Closed BearBiscuit05 closed 11 months ago
Hi @BearBiscuit05 , sorry for the late reply, I was really busy with another project for the last month...
If I guess it right, you got around 0.49 accuracy on PA right? Then the problem is on data preprocessing. As mentioned in the accuracy section of the paper, we add bidirectional edges to PA for the accuracy part because this is a common practice in leaderboard which significantly boosts accuracy. You can simply use graph = dgl.to_bidirected(graph)
during the preprocessing to fix this problem.
BTW, as validated by the code here, the sampling output of DUCATI is identical to DGL. And DUCATI does not change GNN model/optimizer. Therefore, the accuracy of DUCATI is the same to DGL and any other frameworks that use plain neighbour sampling.
Thank you very much for your response. Currently, I don't have a machine with sufficient memory to implement this. So, I would like to inquire whether a simple three-layer Sage model is sufficient to obtain results. Because I observed on the OGB leaderboard that they seem to have added MLP operations.
Yes, the results reported in the paper are obtained with a standard three-layer GraphSAGE model whose layer is a standard dglnn.SAGEConv as defined here
Thanks very much for your reply, I totally understand.
Hi, I'm sorry to ask again. With the help you provided, I successfully ran the accuracy on the transformed undirected graph PA today. However, I could only measure an accuracy of 0.55-0.56. I would like to understand the reasons for this situation. Currently, my parameters are set as follows: batch size: 1024, fanout: [10, 10, 10], hidden size: 256, dropout: 0.5.
Below gives all the hyper-parameters
Namespace(adj_budget=1.75, bs=1000, dataset='ogbn-papers100M', dropout=0.0, epochs=20, fanouts='10,10,10', lr=0.003, metric='acc', model='sage', nfeat_budget=5.25, num_hidden=256, pre_batches=100, pre_epochs=2, valbs=100, valfan='10,10,10')
Note that:
(1) According to common practice, the evaluation should be made in a per-epoch fashion. You should evaluate the model on the validation set right after each epoch's training. And you finally choose the model with the highest validation accuracy throughout this procedure for later use.

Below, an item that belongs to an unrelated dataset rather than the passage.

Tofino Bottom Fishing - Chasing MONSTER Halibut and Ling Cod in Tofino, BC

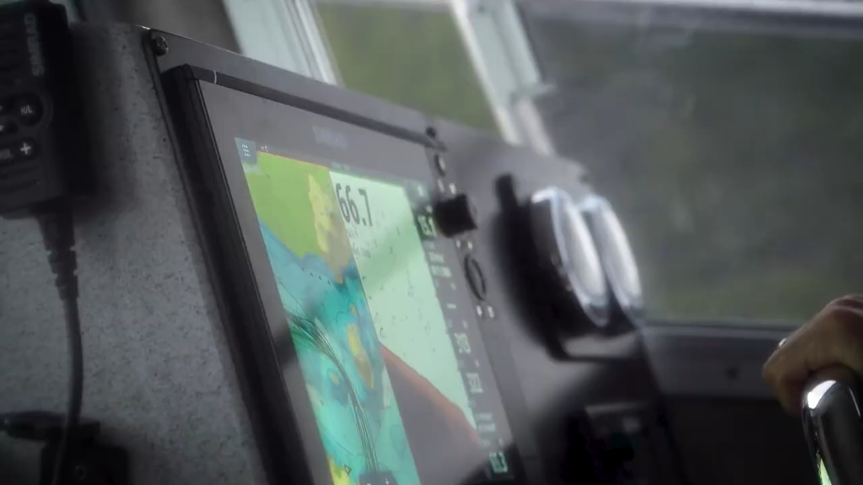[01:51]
And we're so lucky to have our Simrad units, the detail they give us in finding locations.
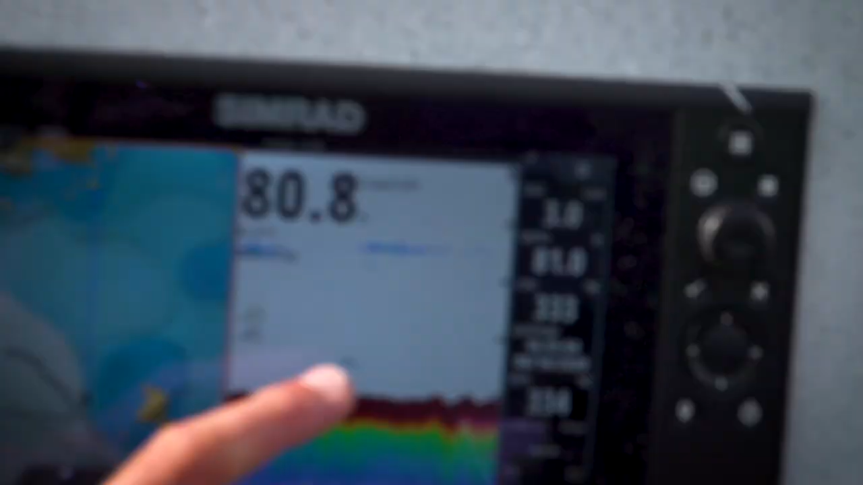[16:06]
Yeah, look at that. Nice fish right there. You know what that is, eh?

(2) the validation part use another sampler other than the training sampler, for simplicity, you can use dgl.dataloading.NeighborSampler(valfan)

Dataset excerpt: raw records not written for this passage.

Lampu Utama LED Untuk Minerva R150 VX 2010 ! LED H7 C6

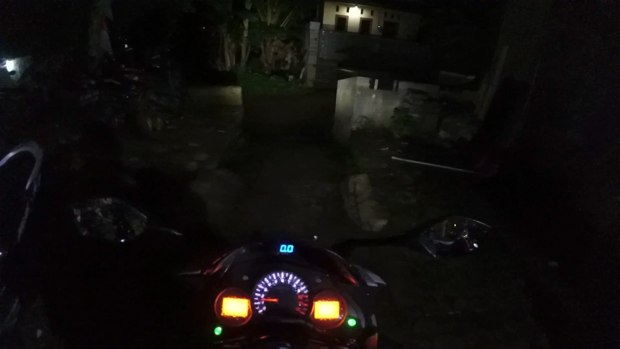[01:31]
bukan apa namanya kayak tipe H4 ini karena
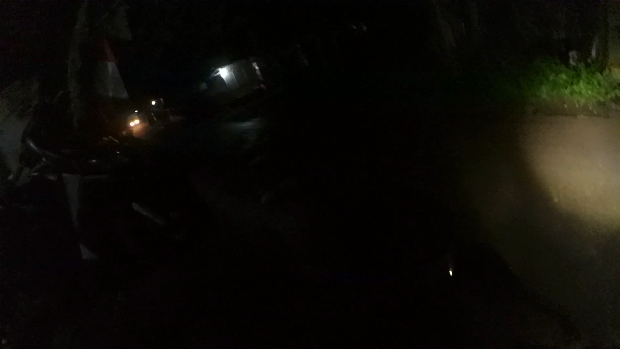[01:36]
gen 1 ya minerva gue jadi H7 ini hujan dong Aduh jangan hujan hujan
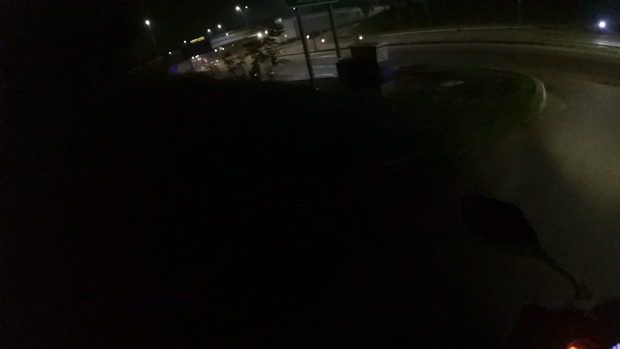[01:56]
banjir ntar kayaknya nih waduh Aerox nya pilih mesu hujan cuy beset
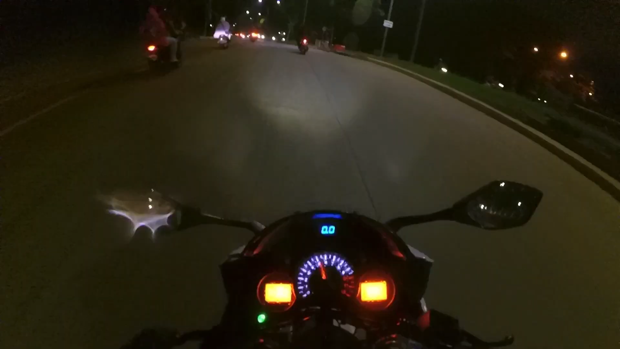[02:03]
nih ah sekarang lagi banyak banjir-banjir nih cuy awal tahun 2020 ada 40 daerah sini buset aku nyari lewat aman gua nih nah kita puter balik lagi lah lampunya sih ini terang sih asli kelihatan tuh tuh kan kelihatan putih kan tuh lihat pantul mau beli tuh putih siap pantul tuh cahayanya mantep banget tuh putih
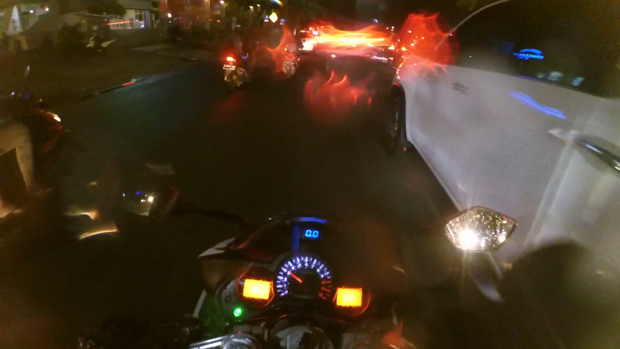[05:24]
tau ya karena efek helm gue begini apa gimana tapi sih gak keliatan sih nah kalau lagi deket dong nah diset kayak gini gue ngambil lah jalurnya yang cocok buat ini sip
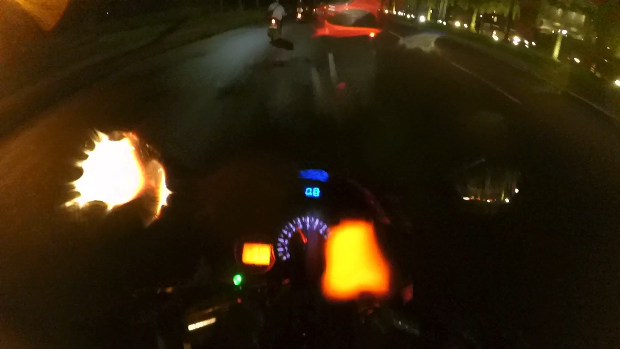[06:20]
posisi lampunya sebelah kiri wah gak keliatan sih
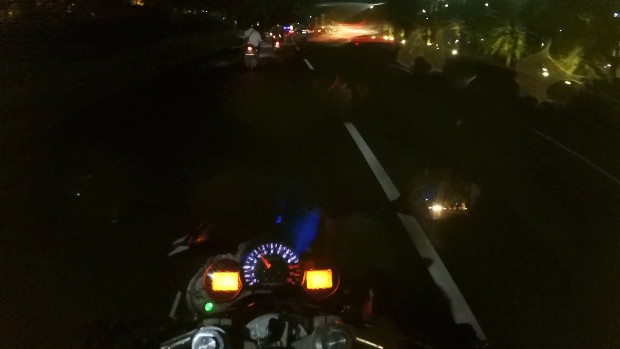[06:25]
cuman ya posisi progenya gue kan settingan agak ke atas buat lampu tembak yang sebelah kiri karena yang kanan tuh udah cocok udah pas gitu posisinya nah sini nih kali sini apakah
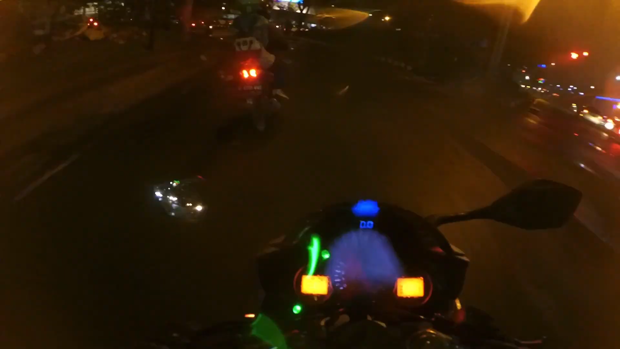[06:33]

(3) the accuracy is calculated with torchmetrics.functional.accuracy
When running the PA dataset and preparing to test the model's correctness, I encountered some issues. I stored the model at the end of the entry function in the run_ducati.py file. Subsequently, I tested the trained model, but it seems that my testing has some problems, and the accuracy I obtained is not correct. I would like to know how to set the parameters to achieve results similar to the paper. If you could provide me with an update to the testing code, I would greatly appreciate it. The parameters I set are fanout [15, 15, 15], and epoch: 20.